Start of SUPPLIED ENTRIES

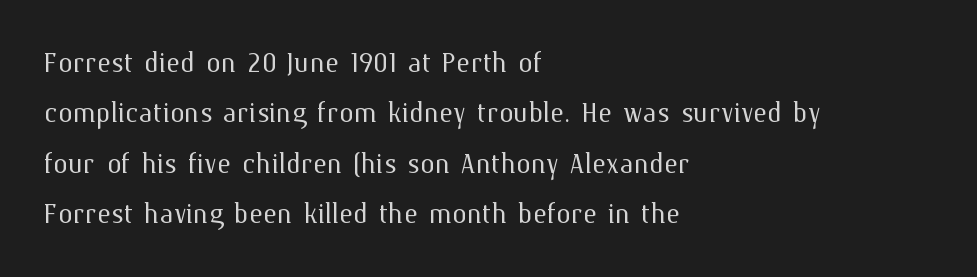
The image shows 37 px light type, upright; set left-aligned, normal line spacing (1.36x), normal letter spacing, not underlined; medium stroke contrast and a medium x-height.
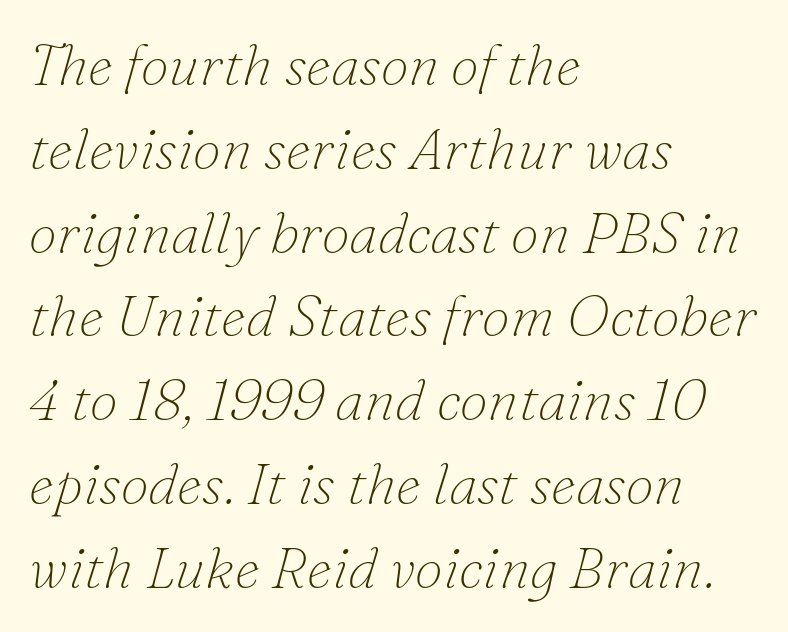
{"serif": "yes", "italic": "yes", "lean": "right", "slant_degrees": 16, "bold": "no", "weight": "thin", "width": "normal", "stroke_contrast": "low", "x_height": "small", "monospaced": "no", "underline": "no", "align": "left", "line_spacing": "normal", "line_spacing_ratio": 1.47, "letter_spacing": "normal", "letter_spacing_em": 0.0, "glyph_px": 57}
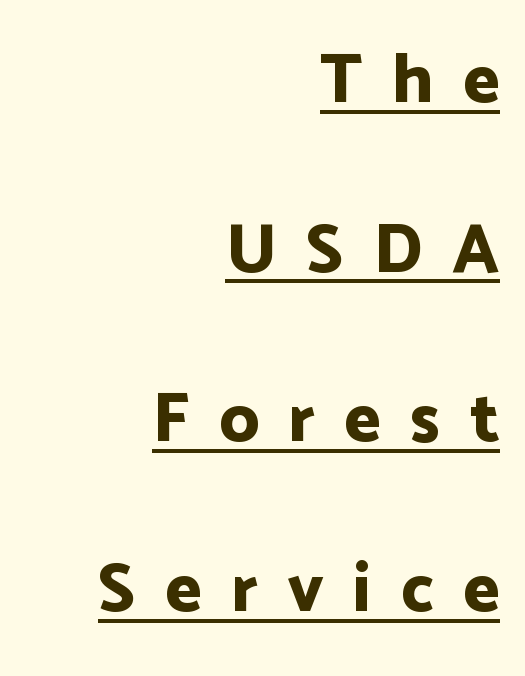
The image shows 69 px bold sans-serif type, upright; set right-aligned, loose line spacing (2.46x), unusually wide letter spacing (+0.43 em), underlined; low stroke contrast and a medium x-height.
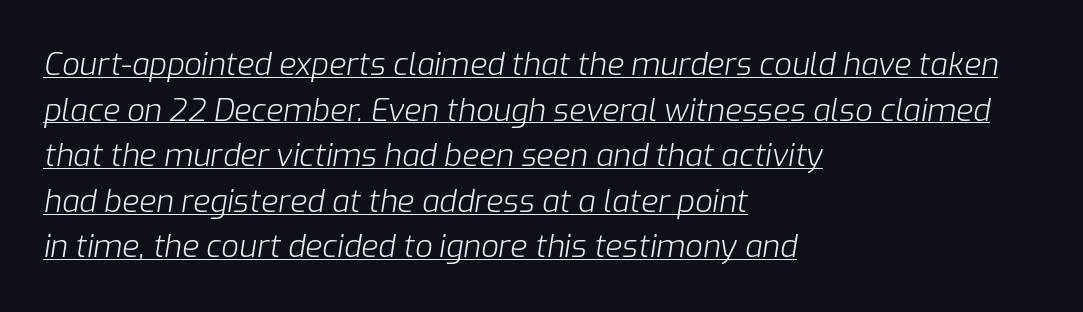
Q: Is the text bold? A: No.
Q: Is the text italic (slanted)? A: Yes, it leans right by about 9 degrees.
Q: Is the text underlined? A: Yes.
Q: How is the paragraph aligned? A: Left-aligned.
Q: Is the spacing between letters normal or unusually wide? A: Normal.
Q: Is the spacing between lines tight, normal or loose? A: Normal.
Q: Width (condensed, normal, or wide)? A: Normal.
Q: Stroke contrast? A: Low.
Q: x-height? A: Medium.
Q: Monospaced? A: No.
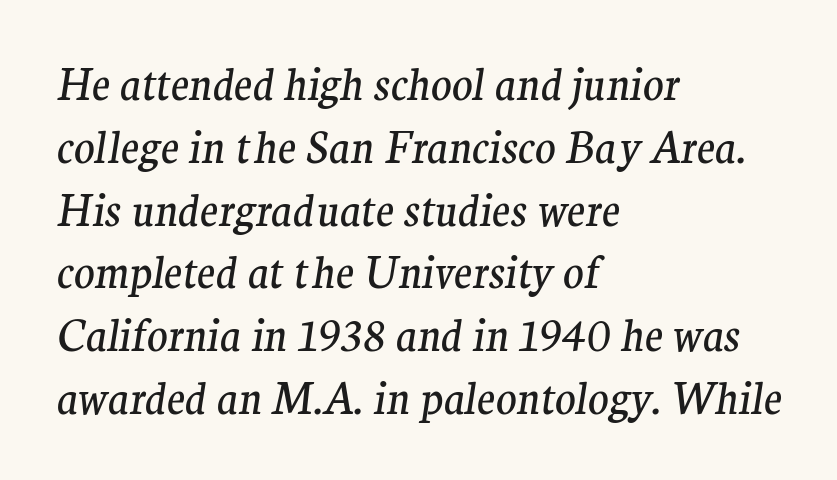
Q: Is the text bold? A: No.
Q: Is the text italic (slanted)? A: Yes, it leans right by about 9 degrees.
Q: Is the typeface a serif or a sans-serif typeface? A: Serif.
Q: Is the text underlined? A: No.
Q: How is the paragraph aligned? A: Left-aligned.
Q: Is the spacing between letters normal or unusually wide? A: Normal.
Q: Is the spacing between lines tight, normal or loose? A: Normal.
Q: Width (condensed, normal, or wide)? A: Normal.
Q: Stroke contrast? A: Medium.
Q: x-height? A: Medium.
Q: Monospaced? A: No.

End of SUPPLIED ENTRIES

Skip the images and write out the rest of the listing exactly.

The image shows 37 px light type, upright; set left-aligned, normal line spacing (1.36x), normal letter spacing, not underlined; medium stroke contrast and a medium x-height.
{"serif": "yes", "italic": "yes", "lean": "right", "slant_degrees": 16, "bold": "no", "weight": "thin", "width": "normal", "stroke_contrast": "low", "x_height": "small", "monospaced": "no", "underline": "no", "align": "left", "line_spacing": "normal", "line_spacing_ratio": 1.47, "letter_spacing": "normal", "letter_spacing_em": 0.0, "glyph_px": 57}
The image shows 69 px bold sans-serif type, upright; set right-aligned, loose line spacing (2.46x), unusually wide letter spacing (+0.43 em), underlined; low stroke contrast and a medium x-height.
Q: Is the text bold? A: No.
Q: Is the text italic (slanted)? A: Yes, it leans right by about 9 degrees.
Q: Is the text underlined? A: Yes.
Q: How is the paragraph aligned? A: Left-aligned.
Q: Is the spacing between letters normal or unusually wide? A: Normal.
Q: Is the spacing between lines tight, normal or loose? A: Normal.
Q: Width (condensed, normal, or wide)? A: Normal.
Q: Stroke contrast? A: Low.
Q: x-height? A: Medium.
Q: Monospaced? A: No.
Q: Is the text bold? A: No.
Q: Is the text italic (slanted)? A: Yes, it leans right by about 9 degrees.
Q: Is the typeface a serif or a sans-serif typeface? A: Serif.
Q: Is the text underlined? A: No.
Q: How is the paragraph aligned? A: Left-aligned.
Q: Is the spacing between letters normal or unusually wide? A: Normal.
Q: Is the spacing between lines tight, normal or loose? A: Normal.
Q: Width (condensed, normal, or wide)? A: Normal.
Q: Stroke contrast? A: Medium.
Q: x-height? A: Medium.
Q: Monospaced? A: No.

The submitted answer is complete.